Daher habe ich die 10 meisten Themen und Ängste mithilfe von Wikipedia zusammengesetzt und beantwortet:


1. Ich kann mich selbst nicht glücklich machen, andere können das besser als ich.
Nur du kannst dich selbst glücklich machen. Denn du bist der Inhaber deiner Emotionen, du entscheidest wann und wie du Glück und Freude zulässt.

2. Andere sind für meine Gefühle verantwortlich und ich bin für ihre verantwortlich.
Nur du selber bist für deine Gefühle verantwortlich, denn du erzeugst diese.
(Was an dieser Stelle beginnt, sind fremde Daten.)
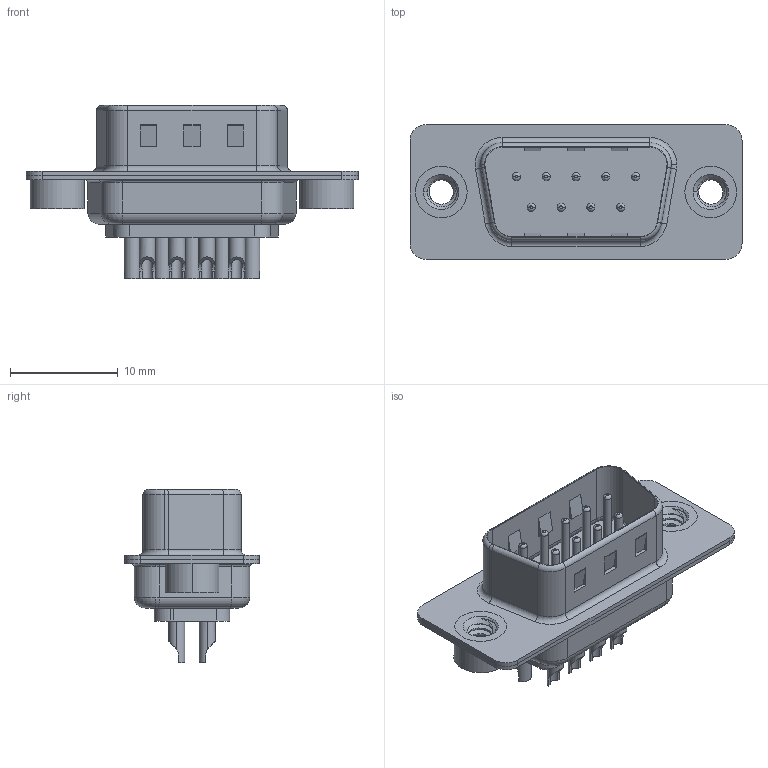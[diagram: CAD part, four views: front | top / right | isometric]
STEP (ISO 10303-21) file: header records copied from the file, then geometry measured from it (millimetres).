
FILE_DESCRIPTION (( 'STEP AP203' ), '1' );
FILE_NAME ('627-M09-622-LN2.STEP', '2021-04-23T15:16:54', ( '' ), ( '' ), 'SwSTEP 2.0', 'SolidWorks 2020', '' );
FILE_SCHEMA (( 'CONFIG_CONTROL_DESIGN' ));
Length unit declared in the file: millimetre
Products named in the file (7): 627M Housing_09 Contacts; 627M 4-40 Threaded Rivet; 627M Shell Rear_09 Contacts; 627-M09-622-LN2; 627M Contact Row 1_22; 627M Shell Front_09 Contacts; 627M Contact Row 2_22
Assembly tree (14 placements, depth 2):
  627-M09-622-LN2
    627M Housing_09 Contacts
    627M Shell Front_09 Contacts
    627M Shell Rear_09 Contacts
    627M Contact Row 1_22  x5
    627M Contact Row 2_22  x4
    627M 4-40 Threaded Rivet  x2
Bounding box: 30.8 x 12.5 x 16.05 mm (x, y, z)
Volume: 1330.8 mm3; surface area: 3658.4 mm2
Topology: 14 solids, 14 shells, 637 faces, 1513 edges, 933 vertices
Faces by surface type: cylinder 273, plane 188, torus 140, cone 30, bspline 6
Entity records: 14249 total; most frequent: CARTESIAN_POINT 3601, DIRECTION 2178, ORIENTED_EDGE 1932, EDGE_CURVE 966, AXIS2_PLACEMENT_3D 864, VERTEX_POINT 608, EDGE_LOOP 476, VECTOR 450
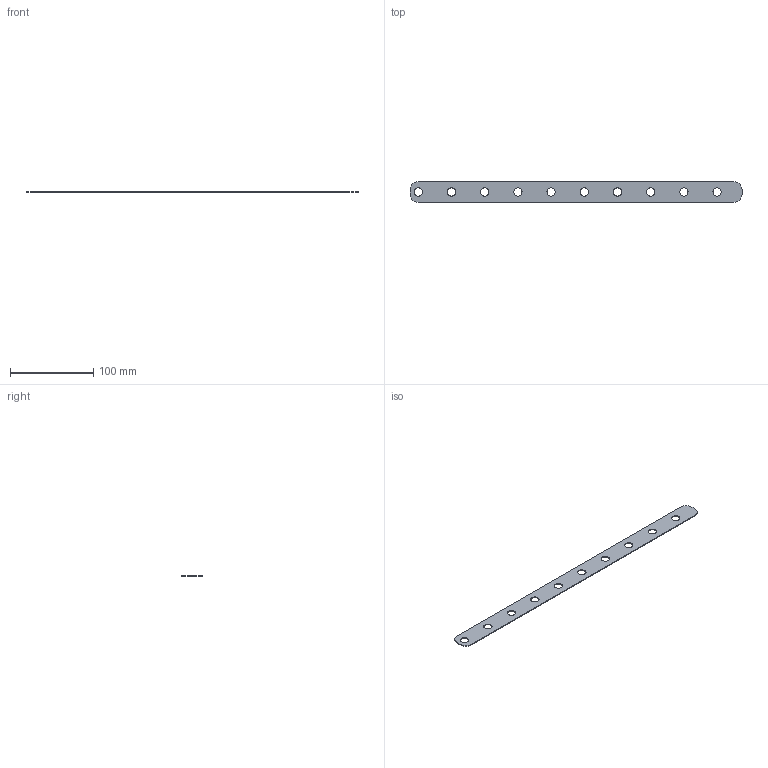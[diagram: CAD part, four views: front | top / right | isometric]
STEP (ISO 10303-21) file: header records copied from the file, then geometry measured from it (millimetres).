
FILE_DESCRIPTION (( 'STEP AP214' ), '1' );
FILE_NAME ('conveyer_side step.STEP', '2023-01-31T13:57:08', ( '' ), ( '' ), 'SwSTEP 2.0', 'SolidWorks 2022', '' );
FILE_SCHEMA (( 'AUTOMOTIVE_DESIGN' ));
Length unit declared in the file: millimetre
Products named in the file (1): conveyer_side step
Bounding box: 400 x 25 x 1 mm (x, y, z)
Volume: 9128.8 mm3; surface area: 19404.5 mm2
Topology: 1 solids, 1 shells, 30 faces, 84 edges, 56 vertices
Faces by surface type: cylinder 24, plane 6
Entity records: 1070 total; most frequent: DIRECTION 194, CARTESIAN_POINT 171, ORIENTED_EDGE 168, EDGE_CURVE 84, AXIS2_PLACEMENT_3D 79, VERTEX_POINT 56, EDGE_LOOP 50, CIRCLE 48
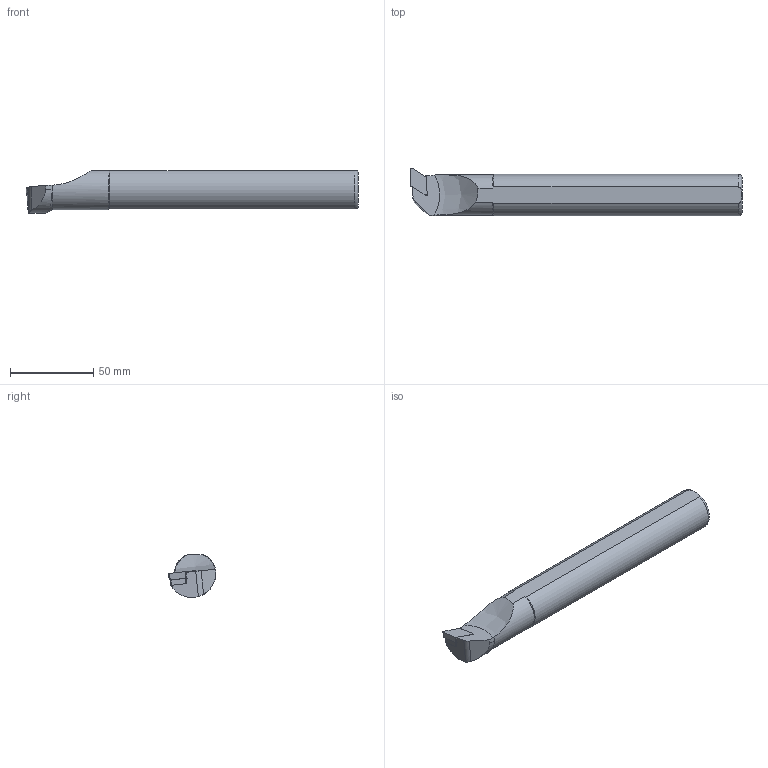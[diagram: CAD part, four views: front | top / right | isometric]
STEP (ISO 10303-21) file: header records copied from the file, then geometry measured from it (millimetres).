
FILE_DESCRIPTION(/* description */ (''),/* implementation_level */ '2;1');
FILE_NAME(/* name */ 'A25R-SDUCL-11.stp',/* time_stamp */ '2023-10-10T23:22:07+03:00',/* author */ (''),/* organization */ (''),/* preprocessor_version */ 'ST-DEVELOPER v19.4',/* originating_system */ 'SIEMENS PLM Software NX2306.3001',/* authorisation */ '');
FILE_SCHEMA (('AUTOMOTIVE_DESIGN { 1 0 10303 214 3 1 1 1 }'));
Length unit declared in the file: millimetre
Products named in the file (1): A25R SDUCR 11-LIGHT_objects
Bounding box: 199.92 x 28.81 x 25.84 mm (x, y, z)
Volume: 88481 mm3; surface area: 16287.2 mm2
Topology: 2 solids, 2 shells, 48 faces, 127 edges, 83 vertices
Faces by surface type: plane 26, cylinder 15, cone 5, torus 1, bspline 1
Entity records: 2480 total; most frequent: CARTESIAN_POINT 1198, ORIENTED_EDGE 250, DIRECTION 238, EDGE_CURVE 125, AXIS2_PLACEMENT_3D 86, VERTEX_POINT 82, LINE 66, VECTOR 66
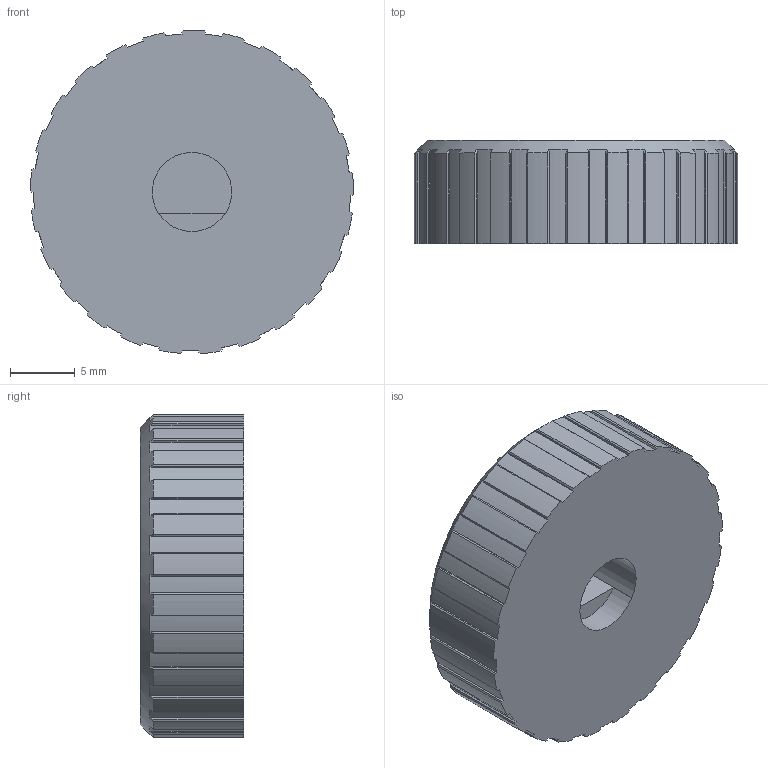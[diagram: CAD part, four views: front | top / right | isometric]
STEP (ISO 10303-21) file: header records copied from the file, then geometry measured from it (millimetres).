
FILE_DESCRIPTION(/* description */ (''),/* implementation_level */ '2;1');
FILE_NAME(/* name */ 'Kob_Thin.stp',/* time_stamp */ '2023-10-06T14:53:00-05:00',/* author */ ('keith'),/* organization */ (''),/* preprocessor_version */ 'ST-DEVELOPER v18.1',/* originating_system */ 'Autodesk Inventor 2022',/* authorisation */ '');
FILE_SCHEMA (('AUTOMOTIVE_DESIGN { 1 0 10303 214 3 1 1 }'));
Length unit declared in the file: millimetre
Products named in the file (1): Knob_Shorteneder
Bounding box: 25 x 8 x 24.98 mm (x, y, z)
Volume: 3648.3 mm3; surface area: 1744.1 mm2
Topology: 1 solids, 1 shells, 208 faces, 565 edges, 360 vertices
Faces by surface type: plane 105, cylinder 52, bspline 50, cone 1
Entity records: 7546 total; most frequent: CARTESIAN_POINT 2734, ORIENTED_EDGE 1130, DIRECTION 789, EDGE_CURVE 565, VERTEX_POINT 360, AXIS2_PLACEMENT_3D 265, LINE 259, VECTOR 259
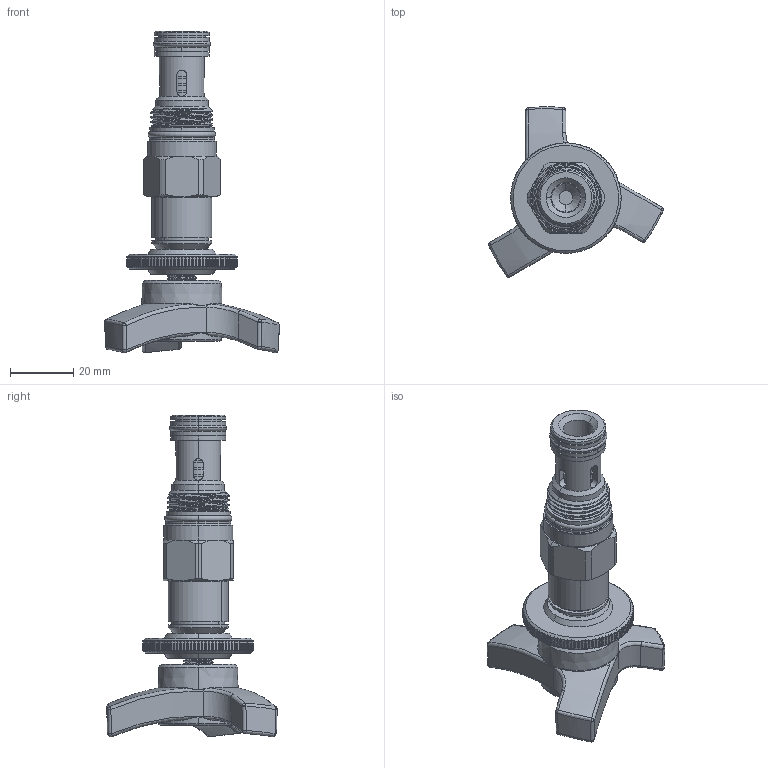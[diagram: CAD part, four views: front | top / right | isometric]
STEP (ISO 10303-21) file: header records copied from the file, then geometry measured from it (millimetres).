
FILE_DESCRIPTION (( 'STEP AP203' ), '1' );
FILE_NAME ('NV13A28-T.STEP', '2020-03-19T07:16:13', ( '' ), ( '' ), 'SwSTEP 2.0', 'SolidWorks 2018', '' );
FILE_SCHEMA (( 'CONFIG_CONTROL_DESIGN' ));
Length unit declared in the file: millimetre
Products named in the file (1): NV13A28-T
Bounding box: 55.33 x 54.02 x 101.89 mm (x, y, z)
Volume: 40638.4 mm3; surface area: 15154.1 mm2
Topology: 4 solids, 4 shells, 784 faces, 2087 edges, 1308 vertices
Faces by surface type: plane 336, cylinder 230, bspline 85, cone 66, sphere 40, torus 27
Entity records: 31955 total; most frequent: CARTESIAN_POINT 13594, ORIENTED_EDGE 4132, DIRECTION 3476, EDGE_CURVE 2066, AXIS2_PLACEMENT_3D 1359, VERTEX_POINT 1302, EDGE_LOOP 830, ADVANCED_FACE 784
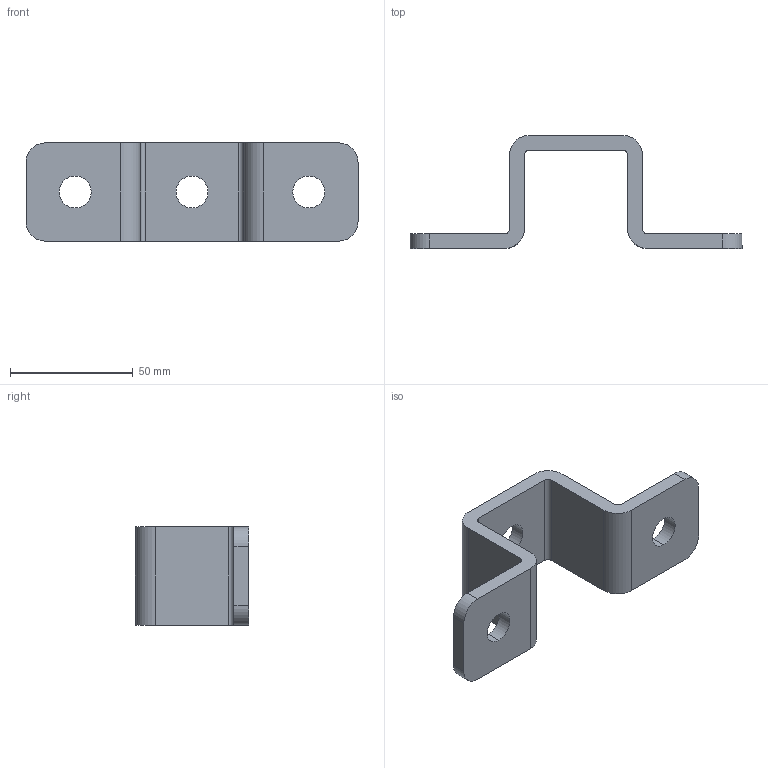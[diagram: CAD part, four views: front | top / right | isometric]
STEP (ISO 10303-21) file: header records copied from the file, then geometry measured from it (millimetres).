
FILE_DESCRIPTION (( 'STEP AP203' ), '1' );
FILE_NAME ('3D_R6678_42x41_173487220.STEP', '2024-08-27T07:28:26', ( '' ), ( '' ), 'SwSTEP 2.0', 'SolidWorks 2024', '' );
FILE_SCHEMA (( 'CONFIG_CONTROL_DESIGN' ));
Length unit declared in the file: millimetre
Products named in the file (1): 3D_R6678_42x41_173487220
Bounding box: 135 x 46 x 40 mm (x, y, z)
Volume: 46821 mm3; surface area: 19216.7 mm2
Topology: 1 solids, 1 shells, 32 faces, 90 edges, 60 vertices
Faces by surface type: cylinder 18, plane 14
Entity records: 1139 total; most frequent: DIRECTION 192, CARTESIAN_POINT 183, ORIENTED_EDGE 180, EDGE_CURVE 90, AXIS2_PLACEMENT_3D 69, VERTEX_POINT 60, VECTOR 54, LINE 54
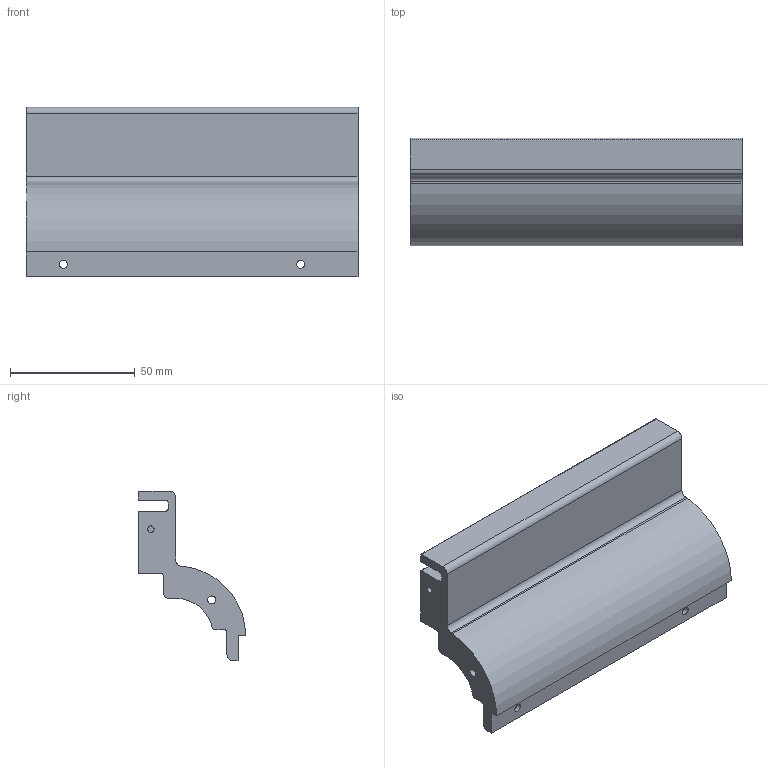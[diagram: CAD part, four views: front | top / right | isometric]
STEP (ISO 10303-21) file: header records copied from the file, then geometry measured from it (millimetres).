
FILE_DESCRIPTION(/* description */ (''),/* implementation_level */ '2;1');
FILE_NAME(/* name */ 'Top Left Guide 1.step',/* time_stamp */ '2018-06-29T14:20:32+02:00',/* author */ ('boelle'),/* organization */ (''),/* preprocessor_version */ 'ST-DEVELOPER v17',/* originating_system */ 'Autodesk Translation Framework v7.1.0.215',/* authorisation */ '');
FILE_SCHEMA (('AUTOMOTIVE_DESIGN { 1 0 10303 214 3 1 1 }'));
Length unit declared in the file: millimetre
Products named in the file (2): Top Left Guide 1; Component1
Assembly tree (1 placements, depth 2):
  Top Left Guide 1
    Component1
Bounding box: 133 x 43 x 68 mm (x, y, z)
Volume: 45581.3 mm3; surface area: 31269 mm2
Topology: 1 solids, 1 shells, 56 faces, 157 edges, 105 vertices
Faces by surface type: cylinder 30, plane 26
Full cylindrical faces by diameter (mm): 2.6 x1, 3.2 x4
Entity records: 1903 total; most frequent: DIRECTION 338, CARTESIAN_POINT 321, ORIENTED_EDGE 314, EDGE_CURVE 157, AXIS2_PLACEMENT_3D 122, VERTEX_POINT 105, LINE 94, VECTOR 94

3. Ich wäre egoistisch und falsch, wenn ich mich selbst glücklich machte.
Wer sonst will dich Glücklich machen? Jeder ist für sich selbst verantwortlich. Helfen ist immer gut - aber helfe zuerst dir selbst. Denn wenn du dir selbst nicht hilfst, kann du anderen auch nicht mehr helfen.

4. Im Grunde meines Wesens bin ich schlecht.
Gott ist Rein und Gut, und so bist du, alles andere ist eine Illusion.

5. Am besten ist es, Bedürfnisse nach Liebe und Zuwendung wegzuschieben.
Liebe ist alles. Du bestehst aus Liebe, verdeckt durch anderen Emotionen und Gedanken.

6. In mir gibt es kein inneres Kind, andere haben es vielleicht, ich aber nicht.
Du bist ein Kind. Nur schämst du dich dafür, dabei will dieses Kind endlich raus.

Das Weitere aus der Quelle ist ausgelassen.